Rain…more please…thank you! We had a rough few months of low water in September and October but water levels are slowly staring to come back with recent rainfall. The forecast is looking good with more on the way this week. Hopefully our streams will be back in premo condition here soon to ensure a great season through the winter months. Many of our favorite hatches are done for the year but we do have some blue winged olives, big brown caddis, and the ever present midges to keep us busy on the surface when the opportunity exists. When the bugs aren’t present we will be spending most of our time dredging big crayfish, sculpins, and baitfish patterns along the bottom. Concentrate your efforts on the remaining big weed beds with undercut edges and the deepest holes in the creeks with best sheltering structures. Big fish will stack up in periods of low water in the holes that have the best habitat. Also look for big browns aggressively moving around this time of year. We have been witnessing big browns paired up and spawning throughout most of October and there are always fish spawning into November on the creeks. Concentrate your time and efforts on overcast days when BWO’s will be thickest and when browns are most inclined to feed.
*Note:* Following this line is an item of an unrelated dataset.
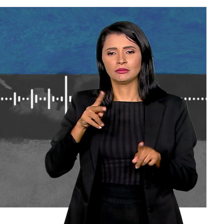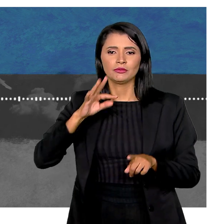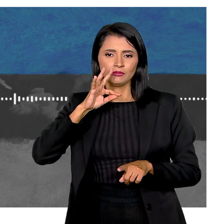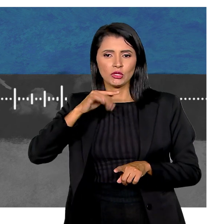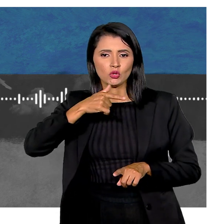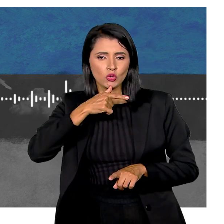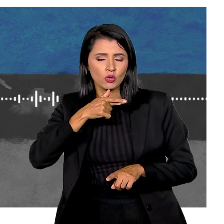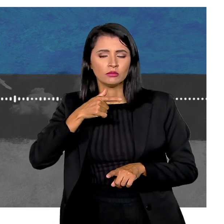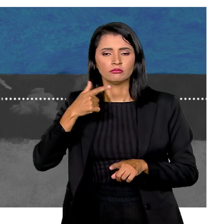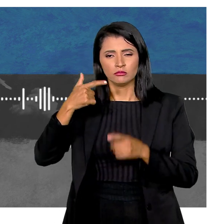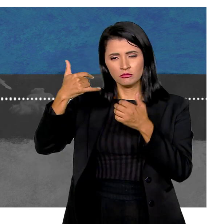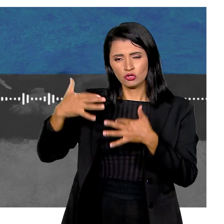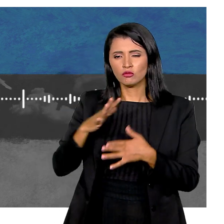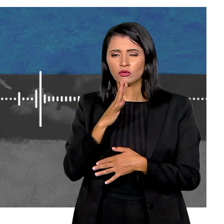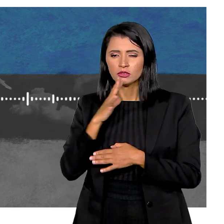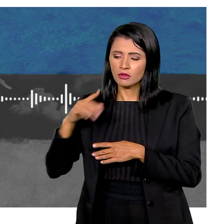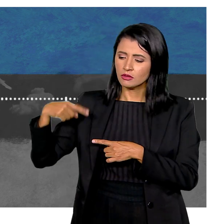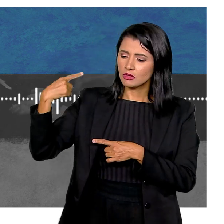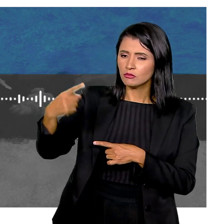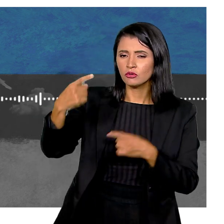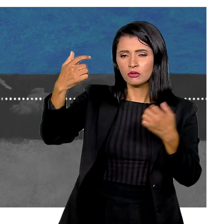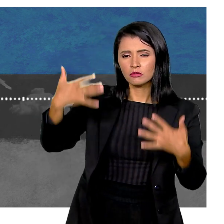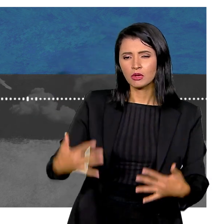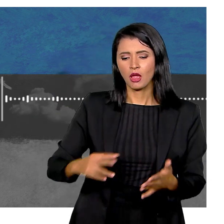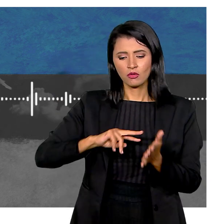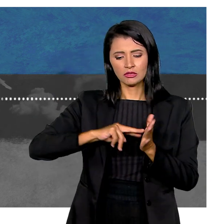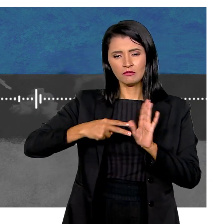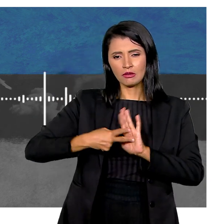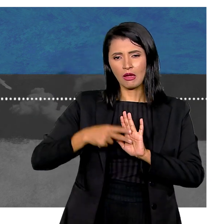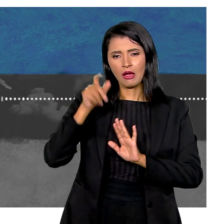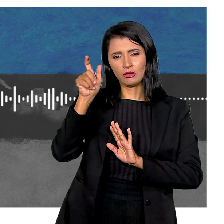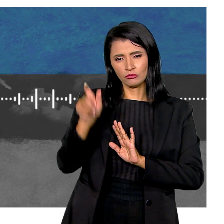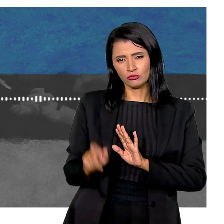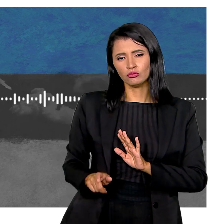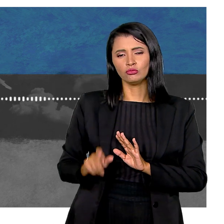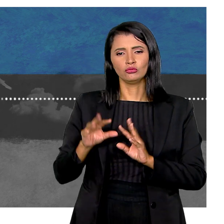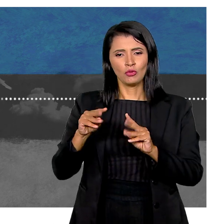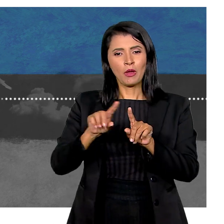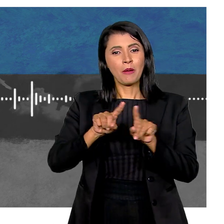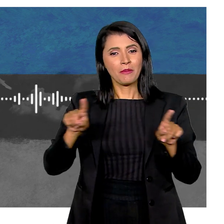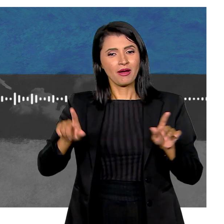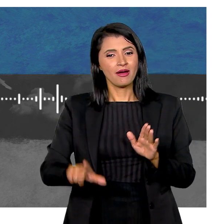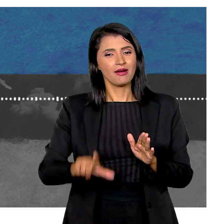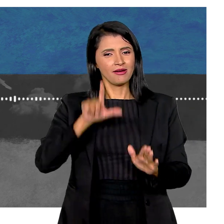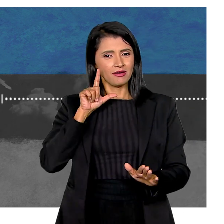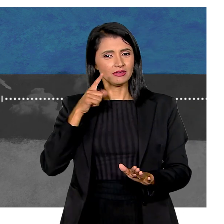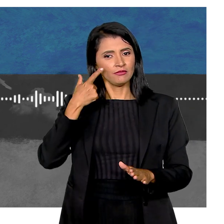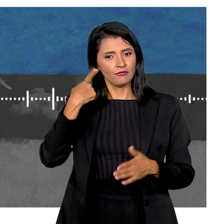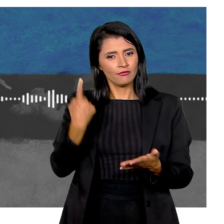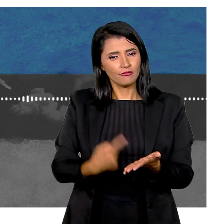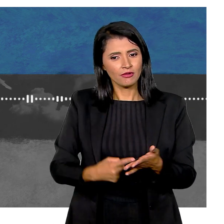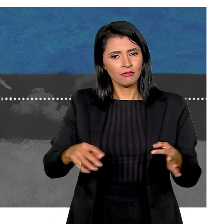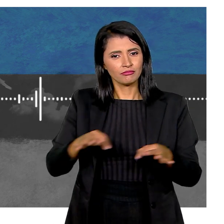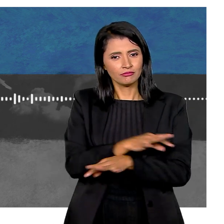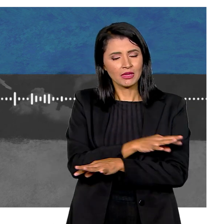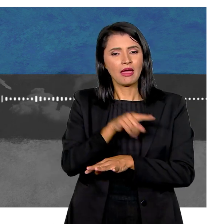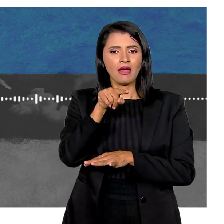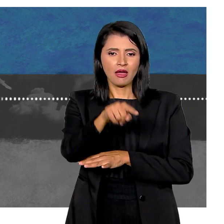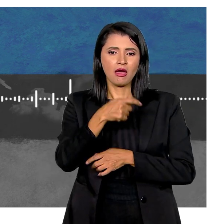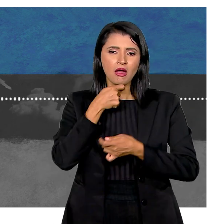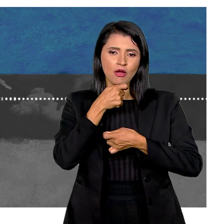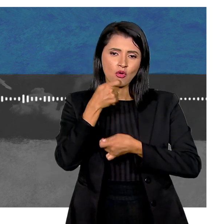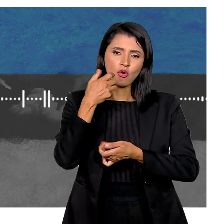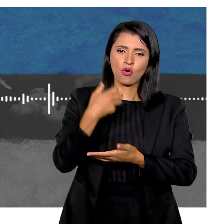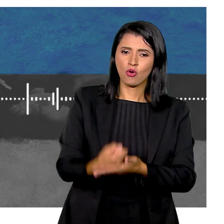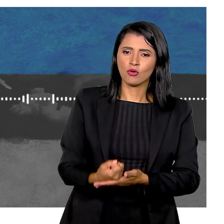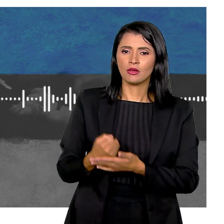conhecer melhor cada uma delas E explicar mais pra frente O que significam esses termos todos Mas antes, bora fechar um ciclo do

Rainy days are the best days to fish with streamers in search of aggressive fish. If you end up fishing on blue bird sky days you may need to fish nymphs around the weed beds and in the deep pools. Jigged hares ears, pheasant tails, and caddis nymphs work great as they get down quickly and don’t hang up vegetation like traditional nymphs.
Beaver Creek is finally flowing again and reports are great. Standard nymphs and streamers will be in play all fall- golden retrievers, buggers, slump busters, zuddlers, kreelex, as well as attractor nymphs like mop flies, bloody mary’s, psycho prince, squirmy worms, and egg patterns. Be sure to have some BWO emergers, haystacks, and parachutes in your box if fish start coming up in the slick water. Zebra midges are always a favorite in the winter months as the big fish become pressured.
Susie Q Farm is currently closed for hunting in November but it will open back up December 1st. We are booking the entire 2018 season right now so call to reserve your dates today!
Our buddy Josh with a massive Mossy Creek brown trout in full color ready for the fall spawn.
Fall fishing can be challenging if water levels are low but the technical aspect makes it very rewarding and fun.
When the browns begin to spawn the rainbows move into all of the prime feeding lies for a short time and feed aggressively.
Mossy Creek guide Wayne Paxton putting his anglers on big fish as usual. The fishing on Beaver Creek is starting to turn back on.
Our buddy Mike with a nice Mossy Creek rainbow on a nasty day. The worst weather can sometimes mean the best fishing on our spring creeks!
Managed Trout Water
Andrij with Jackson River rainbow recently caught on a mini mopsicle fly.
VDGIF has been out stocking our favorite local rivers and lakes. Stony Creek, Cowpasture, South River, South River catch and release, Hawksbill, Back Creek DH, Bullpasture, Jackson River, Passage Creek DH, Elkhorn, Briery Branch, Hone Quarry, Braley Pond, Hardware DH, and many many more. Keep an eye on the daily stocking schedule for updates. Remember that Delayed Harvest streams are only listed once a season on their initial stocking.
Stock up on crystal buggers, golden retrievers, kreelex, slump busters, mopsicles, mini mops, egg patterns, san juan worms, and a variety of attractor nymph patterns in size 10-16 for these VA managed streams. Don’t forget your strike indicators and split shot!